Collected data entries
>>>>
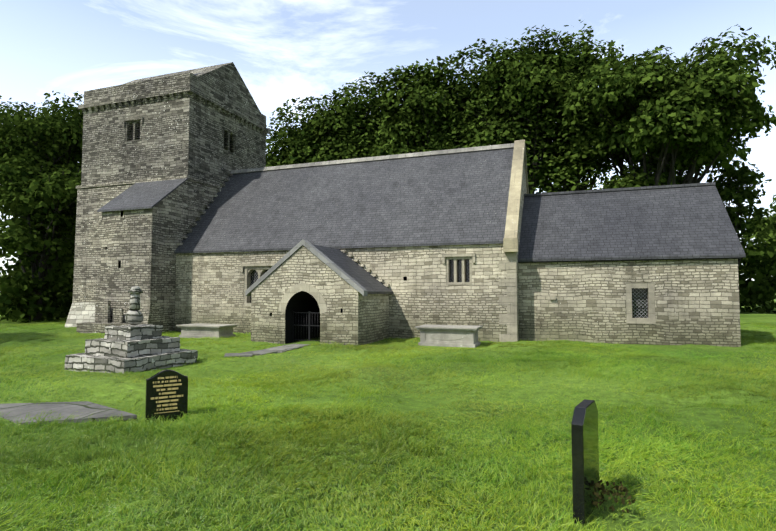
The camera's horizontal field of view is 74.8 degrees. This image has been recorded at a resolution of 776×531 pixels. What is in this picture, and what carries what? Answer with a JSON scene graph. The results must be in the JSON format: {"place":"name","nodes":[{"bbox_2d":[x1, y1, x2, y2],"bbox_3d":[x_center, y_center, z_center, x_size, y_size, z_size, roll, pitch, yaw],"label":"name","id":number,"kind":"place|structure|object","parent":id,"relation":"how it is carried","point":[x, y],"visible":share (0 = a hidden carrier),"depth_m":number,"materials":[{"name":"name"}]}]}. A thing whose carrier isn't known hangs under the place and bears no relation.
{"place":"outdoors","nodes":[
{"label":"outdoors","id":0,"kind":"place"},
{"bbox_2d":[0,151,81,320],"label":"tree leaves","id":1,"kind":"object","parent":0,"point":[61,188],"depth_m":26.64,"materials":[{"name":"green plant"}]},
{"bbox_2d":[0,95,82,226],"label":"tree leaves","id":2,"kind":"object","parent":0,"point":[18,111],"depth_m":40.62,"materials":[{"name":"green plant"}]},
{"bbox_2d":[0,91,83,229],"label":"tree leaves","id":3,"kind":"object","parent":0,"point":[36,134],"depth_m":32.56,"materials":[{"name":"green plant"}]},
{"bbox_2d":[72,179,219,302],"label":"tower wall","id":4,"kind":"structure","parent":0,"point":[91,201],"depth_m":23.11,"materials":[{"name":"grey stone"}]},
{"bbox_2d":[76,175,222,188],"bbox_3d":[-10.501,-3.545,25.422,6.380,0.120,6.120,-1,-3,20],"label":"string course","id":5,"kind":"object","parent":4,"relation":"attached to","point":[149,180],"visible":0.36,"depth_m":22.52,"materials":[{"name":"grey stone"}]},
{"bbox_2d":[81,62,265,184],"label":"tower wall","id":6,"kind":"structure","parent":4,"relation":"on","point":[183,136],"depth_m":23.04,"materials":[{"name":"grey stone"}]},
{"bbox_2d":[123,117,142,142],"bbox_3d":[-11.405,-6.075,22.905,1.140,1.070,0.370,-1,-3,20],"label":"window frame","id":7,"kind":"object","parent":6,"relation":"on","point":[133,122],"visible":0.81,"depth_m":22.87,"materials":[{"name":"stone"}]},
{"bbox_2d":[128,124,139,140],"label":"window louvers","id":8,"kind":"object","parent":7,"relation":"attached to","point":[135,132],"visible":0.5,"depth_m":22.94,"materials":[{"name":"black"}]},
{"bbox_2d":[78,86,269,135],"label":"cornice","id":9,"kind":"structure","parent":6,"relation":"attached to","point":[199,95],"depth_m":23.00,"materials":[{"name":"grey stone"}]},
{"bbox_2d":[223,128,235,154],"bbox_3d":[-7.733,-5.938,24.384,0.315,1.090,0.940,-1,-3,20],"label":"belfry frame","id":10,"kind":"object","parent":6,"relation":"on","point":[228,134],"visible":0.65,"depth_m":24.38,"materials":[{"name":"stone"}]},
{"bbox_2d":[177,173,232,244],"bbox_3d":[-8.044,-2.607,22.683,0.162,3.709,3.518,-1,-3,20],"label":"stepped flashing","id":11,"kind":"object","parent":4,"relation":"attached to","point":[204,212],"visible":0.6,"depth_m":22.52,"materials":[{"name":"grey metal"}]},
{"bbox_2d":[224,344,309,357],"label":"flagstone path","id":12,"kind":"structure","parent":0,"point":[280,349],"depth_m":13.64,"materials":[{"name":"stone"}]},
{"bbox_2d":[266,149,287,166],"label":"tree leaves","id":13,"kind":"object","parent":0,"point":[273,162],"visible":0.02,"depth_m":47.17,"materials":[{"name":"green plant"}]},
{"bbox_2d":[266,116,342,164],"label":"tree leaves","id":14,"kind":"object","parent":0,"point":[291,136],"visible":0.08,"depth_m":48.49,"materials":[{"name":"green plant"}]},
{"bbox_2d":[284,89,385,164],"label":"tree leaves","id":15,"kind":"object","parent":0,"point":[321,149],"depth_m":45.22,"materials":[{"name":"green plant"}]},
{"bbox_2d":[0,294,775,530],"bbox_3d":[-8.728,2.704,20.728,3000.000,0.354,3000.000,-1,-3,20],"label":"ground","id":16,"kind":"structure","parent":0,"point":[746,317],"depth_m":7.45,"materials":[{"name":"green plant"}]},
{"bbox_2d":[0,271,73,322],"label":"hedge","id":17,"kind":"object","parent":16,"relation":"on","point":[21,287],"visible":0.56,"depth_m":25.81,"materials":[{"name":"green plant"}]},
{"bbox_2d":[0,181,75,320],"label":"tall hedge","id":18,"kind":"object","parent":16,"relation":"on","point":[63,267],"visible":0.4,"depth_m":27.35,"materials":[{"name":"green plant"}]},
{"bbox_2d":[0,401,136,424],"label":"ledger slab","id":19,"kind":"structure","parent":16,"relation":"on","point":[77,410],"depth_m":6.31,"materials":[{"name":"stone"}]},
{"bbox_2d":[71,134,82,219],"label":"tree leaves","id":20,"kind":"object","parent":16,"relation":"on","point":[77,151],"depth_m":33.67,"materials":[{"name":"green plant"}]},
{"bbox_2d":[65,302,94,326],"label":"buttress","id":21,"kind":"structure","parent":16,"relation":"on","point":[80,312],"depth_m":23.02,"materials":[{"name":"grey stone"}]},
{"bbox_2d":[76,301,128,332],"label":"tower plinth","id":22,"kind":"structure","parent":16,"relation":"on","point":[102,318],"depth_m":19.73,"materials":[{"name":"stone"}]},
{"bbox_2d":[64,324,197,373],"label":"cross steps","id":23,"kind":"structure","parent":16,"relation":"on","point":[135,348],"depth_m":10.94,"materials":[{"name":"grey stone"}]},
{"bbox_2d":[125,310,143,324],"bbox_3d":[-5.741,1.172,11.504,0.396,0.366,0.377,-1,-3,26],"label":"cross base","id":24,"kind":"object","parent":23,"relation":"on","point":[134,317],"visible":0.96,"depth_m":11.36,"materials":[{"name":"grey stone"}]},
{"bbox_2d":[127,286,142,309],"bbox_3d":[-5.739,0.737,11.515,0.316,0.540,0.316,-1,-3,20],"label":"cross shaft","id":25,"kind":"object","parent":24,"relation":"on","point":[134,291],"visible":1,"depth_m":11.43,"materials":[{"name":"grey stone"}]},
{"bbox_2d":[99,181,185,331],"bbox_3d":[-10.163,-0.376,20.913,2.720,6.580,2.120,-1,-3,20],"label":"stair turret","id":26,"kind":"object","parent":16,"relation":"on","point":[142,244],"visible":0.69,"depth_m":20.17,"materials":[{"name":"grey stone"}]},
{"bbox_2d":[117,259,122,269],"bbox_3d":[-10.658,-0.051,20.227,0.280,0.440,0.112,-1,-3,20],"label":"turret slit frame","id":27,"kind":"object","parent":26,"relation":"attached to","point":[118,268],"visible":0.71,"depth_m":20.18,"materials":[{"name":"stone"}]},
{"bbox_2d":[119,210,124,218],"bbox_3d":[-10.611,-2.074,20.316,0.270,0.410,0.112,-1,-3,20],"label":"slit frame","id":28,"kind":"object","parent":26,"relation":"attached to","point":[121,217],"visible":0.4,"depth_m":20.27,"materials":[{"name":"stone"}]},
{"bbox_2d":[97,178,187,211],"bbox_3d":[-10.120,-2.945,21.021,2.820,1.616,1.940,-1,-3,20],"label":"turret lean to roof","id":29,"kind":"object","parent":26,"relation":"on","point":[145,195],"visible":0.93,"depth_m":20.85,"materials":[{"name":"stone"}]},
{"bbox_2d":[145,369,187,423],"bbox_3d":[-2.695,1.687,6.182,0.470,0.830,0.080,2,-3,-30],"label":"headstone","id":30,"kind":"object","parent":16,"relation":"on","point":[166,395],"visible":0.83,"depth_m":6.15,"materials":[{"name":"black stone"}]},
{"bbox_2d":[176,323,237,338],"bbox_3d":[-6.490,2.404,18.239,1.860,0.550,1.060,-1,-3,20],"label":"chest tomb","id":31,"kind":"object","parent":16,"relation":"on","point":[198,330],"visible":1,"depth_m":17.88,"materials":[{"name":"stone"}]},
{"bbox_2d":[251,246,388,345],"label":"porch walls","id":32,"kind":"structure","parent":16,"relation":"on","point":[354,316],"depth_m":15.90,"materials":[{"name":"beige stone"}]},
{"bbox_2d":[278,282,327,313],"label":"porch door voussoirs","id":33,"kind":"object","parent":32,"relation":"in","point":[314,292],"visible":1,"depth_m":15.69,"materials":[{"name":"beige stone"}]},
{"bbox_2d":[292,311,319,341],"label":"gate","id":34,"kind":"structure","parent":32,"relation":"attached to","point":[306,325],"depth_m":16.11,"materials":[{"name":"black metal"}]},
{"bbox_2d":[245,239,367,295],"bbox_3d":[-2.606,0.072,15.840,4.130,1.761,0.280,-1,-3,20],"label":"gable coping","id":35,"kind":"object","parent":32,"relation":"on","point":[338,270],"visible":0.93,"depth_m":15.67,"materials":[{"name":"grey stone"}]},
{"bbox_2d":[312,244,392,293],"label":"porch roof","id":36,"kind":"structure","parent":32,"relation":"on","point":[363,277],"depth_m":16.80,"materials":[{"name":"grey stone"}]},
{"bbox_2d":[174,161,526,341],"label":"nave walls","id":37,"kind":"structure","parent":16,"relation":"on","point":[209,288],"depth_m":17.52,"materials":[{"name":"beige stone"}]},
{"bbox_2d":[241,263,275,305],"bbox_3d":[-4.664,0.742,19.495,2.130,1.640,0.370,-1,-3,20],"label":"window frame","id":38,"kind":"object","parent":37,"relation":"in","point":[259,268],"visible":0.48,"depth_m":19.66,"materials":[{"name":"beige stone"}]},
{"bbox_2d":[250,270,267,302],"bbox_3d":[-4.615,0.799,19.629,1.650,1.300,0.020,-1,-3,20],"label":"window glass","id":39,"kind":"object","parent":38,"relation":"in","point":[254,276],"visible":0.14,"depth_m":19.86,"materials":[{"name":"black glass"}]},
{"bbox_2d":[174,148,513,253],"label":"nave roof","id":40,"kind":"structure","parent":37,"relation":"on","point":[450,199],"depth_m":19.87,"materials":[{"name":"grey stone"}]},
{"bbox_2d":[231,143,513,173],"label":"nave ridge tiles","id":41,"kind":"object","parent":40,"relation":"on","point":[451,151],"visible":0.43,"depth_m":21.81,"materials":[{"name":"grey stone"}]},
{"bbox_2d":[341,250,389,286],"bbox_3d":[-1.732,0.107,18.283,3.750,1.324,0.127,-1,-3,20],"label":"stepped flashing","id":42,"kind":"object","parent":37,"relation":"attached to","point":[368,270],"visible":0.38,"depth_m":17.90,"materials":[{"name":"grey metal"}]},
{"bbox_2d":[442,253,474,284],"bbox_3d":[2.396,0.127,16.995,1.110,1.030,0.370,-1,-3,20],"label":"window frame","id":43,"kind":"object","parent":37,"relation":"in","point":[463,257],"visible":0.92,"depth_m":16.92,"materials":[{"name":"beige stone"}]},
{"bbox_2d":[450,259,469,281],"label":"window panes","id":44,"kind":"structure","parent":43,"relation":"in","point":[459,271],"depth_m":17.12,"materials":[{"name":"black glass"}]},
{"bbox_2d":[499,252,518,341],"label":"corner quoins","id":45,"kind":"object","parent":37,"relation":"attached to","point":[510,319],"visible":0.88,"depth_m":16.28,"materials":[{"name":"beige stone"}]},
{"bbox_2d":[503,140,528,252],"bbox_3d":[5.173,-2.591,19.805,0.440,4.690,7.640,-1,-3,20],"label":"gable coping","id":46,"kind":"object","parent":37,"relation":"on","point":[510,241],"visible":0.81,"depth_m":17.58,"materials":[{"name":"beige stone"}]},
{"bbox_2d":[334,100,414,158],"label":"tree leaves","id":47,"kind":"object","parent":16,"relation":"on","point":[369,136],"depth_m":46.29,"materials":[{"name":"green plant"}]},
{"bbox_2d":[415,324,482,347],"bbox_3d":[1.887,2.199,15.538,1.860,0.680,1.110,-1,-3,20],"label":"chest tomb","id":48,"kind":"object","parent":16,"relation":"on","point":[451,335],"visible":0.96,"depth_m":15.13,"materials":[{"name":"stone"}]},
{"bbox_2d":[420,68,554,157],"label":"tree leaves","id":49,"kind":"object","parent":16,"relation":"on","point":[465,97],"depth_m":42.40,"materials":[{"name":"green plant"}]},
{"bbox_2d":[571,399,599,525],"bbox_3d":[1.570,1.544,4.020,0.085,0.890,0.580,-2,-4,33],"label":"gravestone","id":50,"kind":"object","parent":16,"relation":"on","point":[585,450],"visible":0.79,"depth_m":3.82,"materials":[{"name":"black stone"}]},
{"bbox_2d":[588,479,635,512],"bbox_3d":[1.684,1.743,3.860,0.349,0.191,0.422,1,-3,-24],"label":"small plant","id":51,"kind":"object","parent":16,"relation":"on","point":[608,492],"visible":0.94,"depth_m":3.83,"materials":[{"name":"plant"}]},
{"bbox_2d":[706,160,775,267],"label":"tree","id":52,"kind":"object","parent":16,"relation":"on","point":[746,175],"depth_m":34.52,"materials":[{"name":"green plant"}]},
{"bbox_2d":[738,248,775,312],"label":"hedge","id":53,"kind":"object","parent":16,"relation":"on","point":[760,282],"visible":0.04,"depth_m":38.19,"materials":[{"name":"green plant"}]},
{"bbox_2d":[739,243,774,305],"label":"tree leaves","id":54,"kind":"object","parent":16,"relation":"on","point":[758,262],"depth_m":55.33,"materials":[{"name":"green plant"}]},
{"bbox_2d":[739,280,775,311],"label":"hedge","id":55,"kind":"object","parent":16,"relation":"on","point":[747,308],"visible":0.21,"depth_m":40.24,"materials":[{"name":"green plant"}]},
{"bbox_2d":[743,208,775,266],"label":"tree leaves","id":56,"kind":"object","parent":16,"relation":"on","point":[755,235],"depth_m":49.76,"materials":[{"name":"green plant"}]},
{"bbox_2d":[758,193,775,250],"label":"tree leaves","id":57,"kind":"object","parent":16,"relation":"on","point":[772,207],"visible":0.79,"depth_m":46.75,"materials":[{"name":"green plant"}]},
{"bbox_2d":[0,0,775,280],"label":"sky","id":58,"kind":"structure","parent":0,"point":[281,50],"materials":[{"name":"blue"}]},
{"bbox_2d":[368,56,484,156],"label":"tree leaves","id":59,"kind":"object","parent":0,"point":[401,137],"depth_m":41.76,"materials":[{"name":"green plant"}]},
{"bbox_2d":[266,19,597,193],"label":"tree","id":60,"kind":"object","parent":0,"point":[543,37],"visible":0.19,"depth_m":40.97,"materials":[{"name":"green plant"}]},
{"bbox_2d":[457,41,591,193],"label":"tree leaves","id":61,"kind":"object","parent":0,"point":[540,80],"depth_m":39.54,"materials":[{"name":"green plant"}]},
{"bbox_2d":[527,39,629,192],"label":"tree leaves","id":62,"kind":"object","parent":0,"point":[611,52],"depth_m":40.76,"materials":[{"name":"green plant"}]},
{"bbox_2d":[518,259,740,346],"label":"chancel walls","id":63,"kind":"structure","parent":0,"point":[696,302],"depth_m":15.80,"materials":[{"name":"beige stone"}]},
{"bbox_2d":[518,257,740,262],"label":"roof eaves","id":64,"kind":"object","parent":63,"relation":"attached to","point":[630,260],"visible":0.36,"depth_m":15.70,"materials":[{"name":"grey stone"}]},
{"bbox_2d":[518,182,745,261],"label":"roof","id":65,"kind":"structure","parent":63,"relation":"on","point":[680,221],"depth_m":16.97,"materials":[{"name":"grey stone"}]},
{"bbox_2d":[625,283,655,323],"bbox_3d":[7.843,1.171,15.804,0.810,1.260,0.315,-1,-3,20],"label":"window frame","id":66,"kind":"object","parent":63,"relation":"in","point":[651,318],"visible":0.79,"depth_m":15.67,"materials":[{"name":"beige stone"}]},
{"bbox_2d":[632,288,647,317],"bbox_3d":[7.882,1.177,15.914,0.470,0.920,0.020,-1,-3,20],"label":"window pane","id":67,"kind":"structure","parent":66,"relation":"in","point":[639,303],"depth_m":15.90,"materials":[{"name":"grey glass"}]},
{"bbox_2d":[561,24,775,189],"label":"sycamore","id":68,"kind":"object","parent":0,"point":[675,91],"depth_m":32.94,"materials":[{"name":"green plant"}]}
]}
<<<<
▶ Assigned task: All lines with the word "tower" are needed; pull them from the entries and copy each.

▶ Answer to this problem:
{"bbox_2d":[72,179,219,302],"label":"tower wall","id":4,"kind":"structure","parent":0,"point":[91,201],"depth_m":23.11,"materials":[{"name":"grey stone"}]},
{"bbox_2d":[81,62,265,184],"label":"tower wall","id":6,"kind":"structure","parent":4,"relation":"on","point":[183,136],"depth_m":23.04,"materials":[{"name":"grey stone"}]},
{"bbox_2d":[76,301,128,332],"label":"tower plinth","id":22,"kind":"structure","parent":16,"relation":"on","point":[102,318],"depth_m":19.73,"materials":[{"name":"stone"}]},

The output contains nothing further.